An exact copy of the listing is required, with its pictures removed.

== Provided records ==

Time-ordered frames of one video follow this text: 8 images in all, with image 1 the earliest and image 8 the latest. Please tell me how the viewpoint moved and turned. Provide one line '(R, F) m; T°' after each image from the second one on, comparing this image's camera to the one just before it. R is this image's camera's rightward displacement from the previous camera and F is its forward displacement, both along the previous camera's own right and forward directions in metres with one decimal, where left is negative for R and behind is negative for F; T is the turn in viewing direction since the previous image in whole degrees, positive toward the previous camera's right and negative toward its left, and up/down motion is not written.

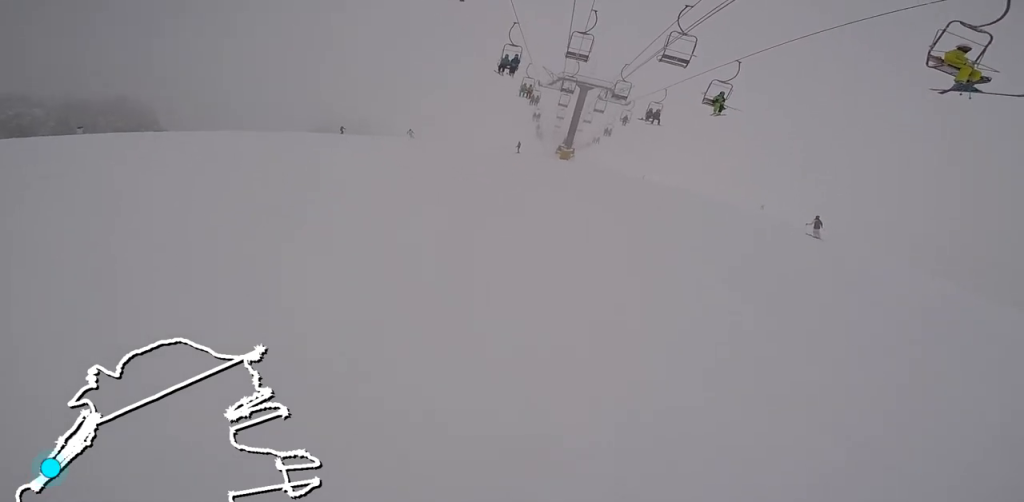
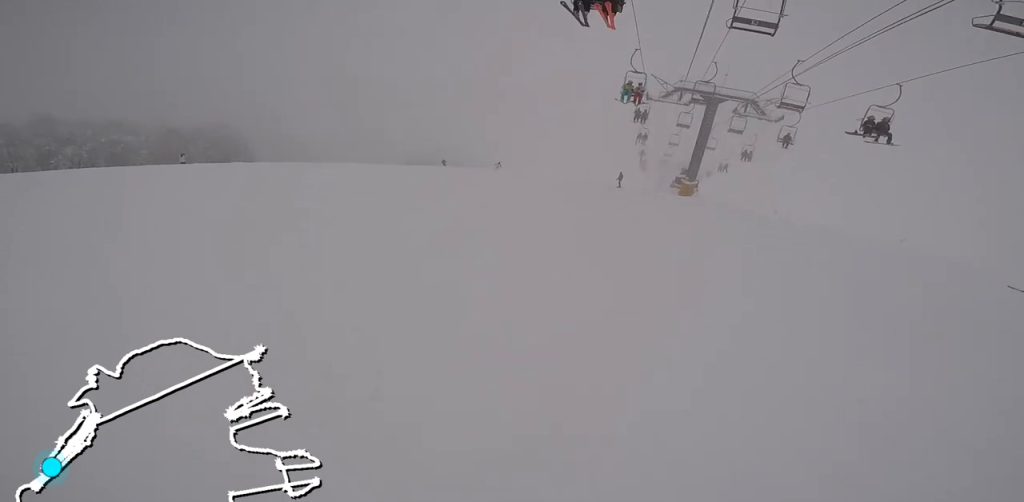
(-0.5, +9.9) m; -13°
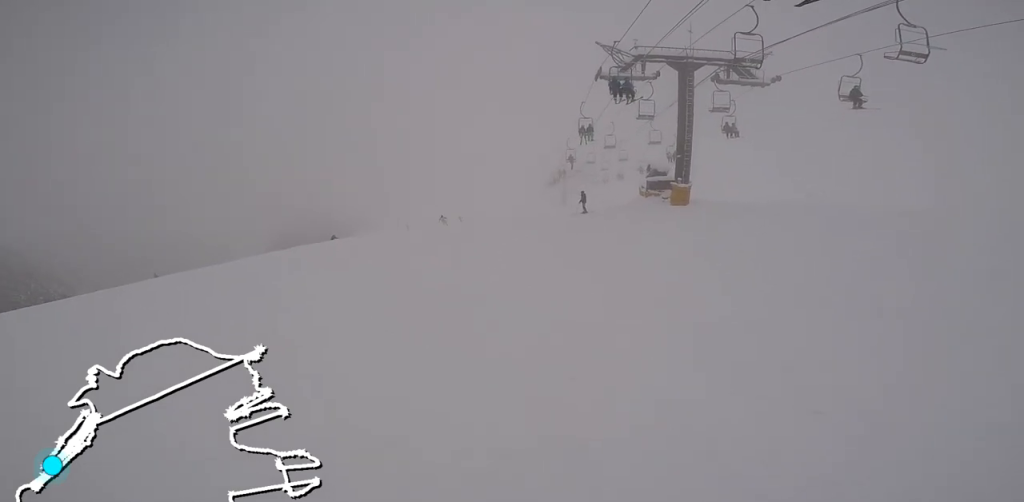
(-2.2, +12.6) m; -6°
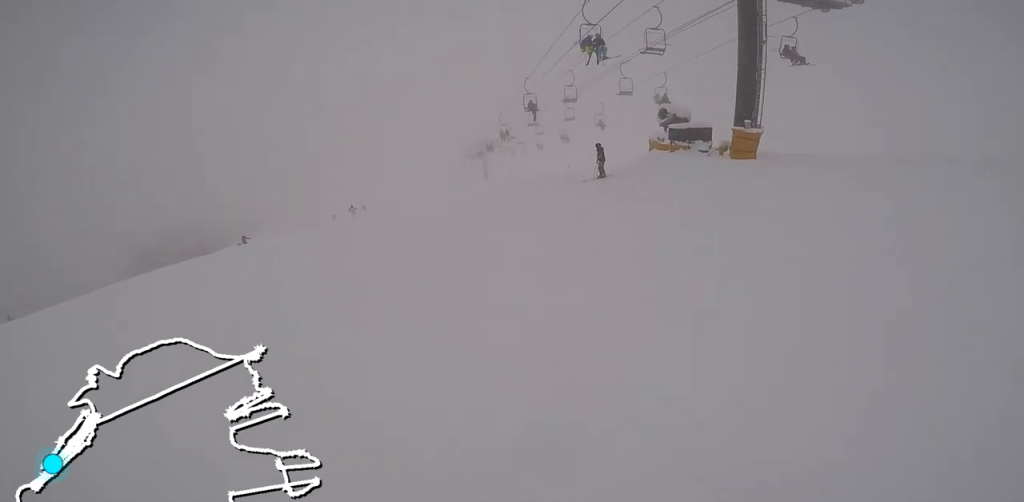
(+0.7, +10.2) m; +17°
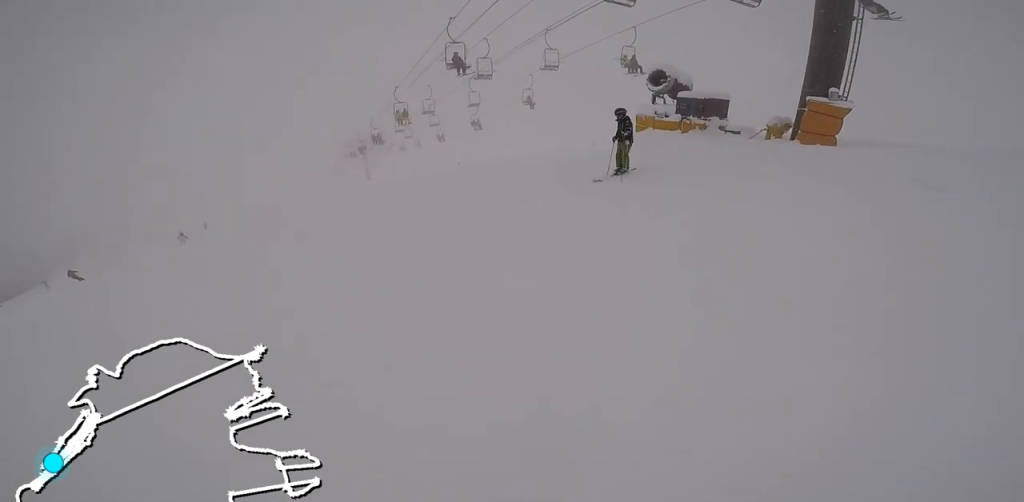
(+1.7, +7.8) m; +20°
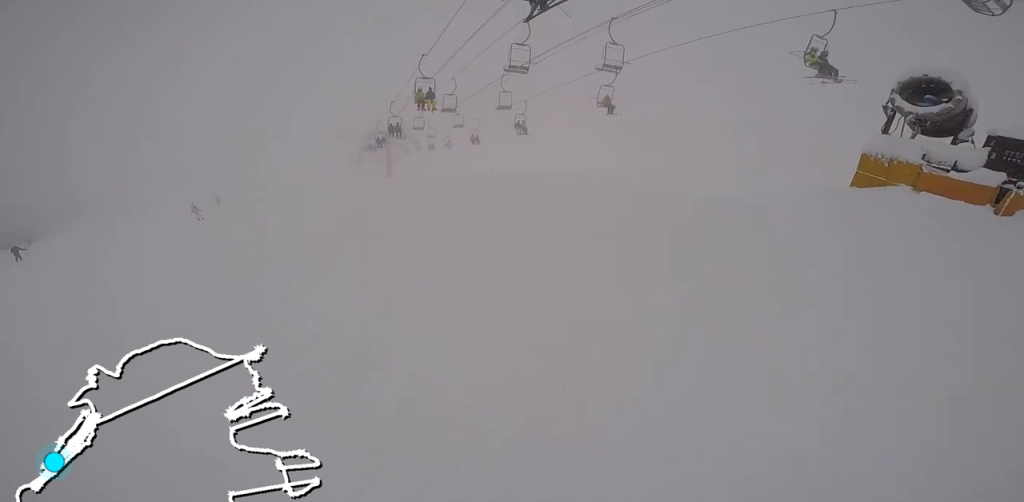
(+1.3, +8.1) m; +6°
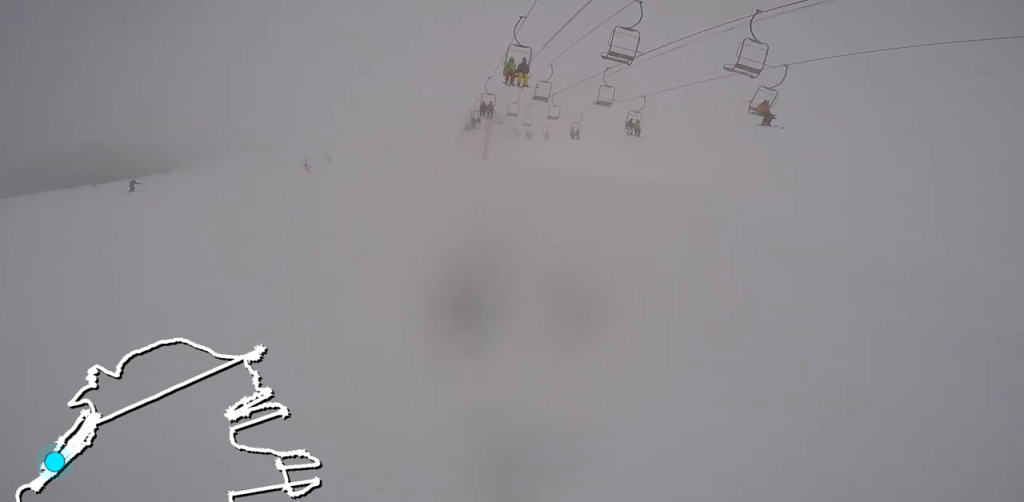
(+0.4, +4.2) m; -3°
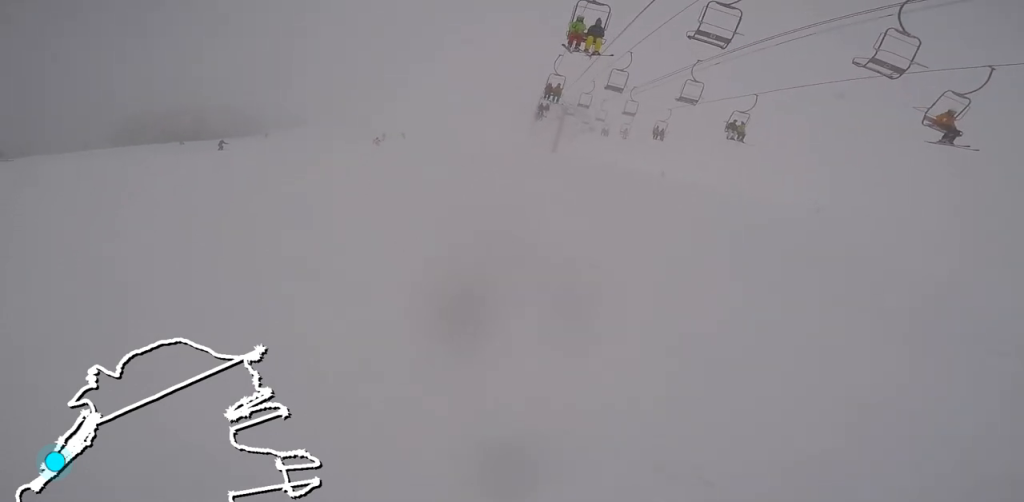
(-0.5, +3.7) m; -9°

===

Response box –
Time-ordered frames of one video follow this text: 8 images in all, with image 1 the earliest and image 8 the latest. Please tell me how the viewpoint moved and turned. Provide one line '(R, F) m; T°' after each image from the second one on, comparing this image's camera to the one just before it. R is this image's camera's rightward displacement from the previous camera and F is its forward displacement, both along the previous camera's own right and forward directions in metres with one decimal, where left is negative for R and behind is negative for F; T is the turn in viewing direction since the previous image in whole degrees, positive toward the previous camera's right and negative toward its left, and up/down motion is not written.

(-0.5, +9.9) m; -13°
(-2.2, +12.6) m; -6°
(+0.7, +10.2) m; +17°
(+1.7, +7.8) m; +20°
(+1.3, +8.1) m; +6°
(+0.4, +4.2) m; -3°
(-0.5, +3.7) m; -9°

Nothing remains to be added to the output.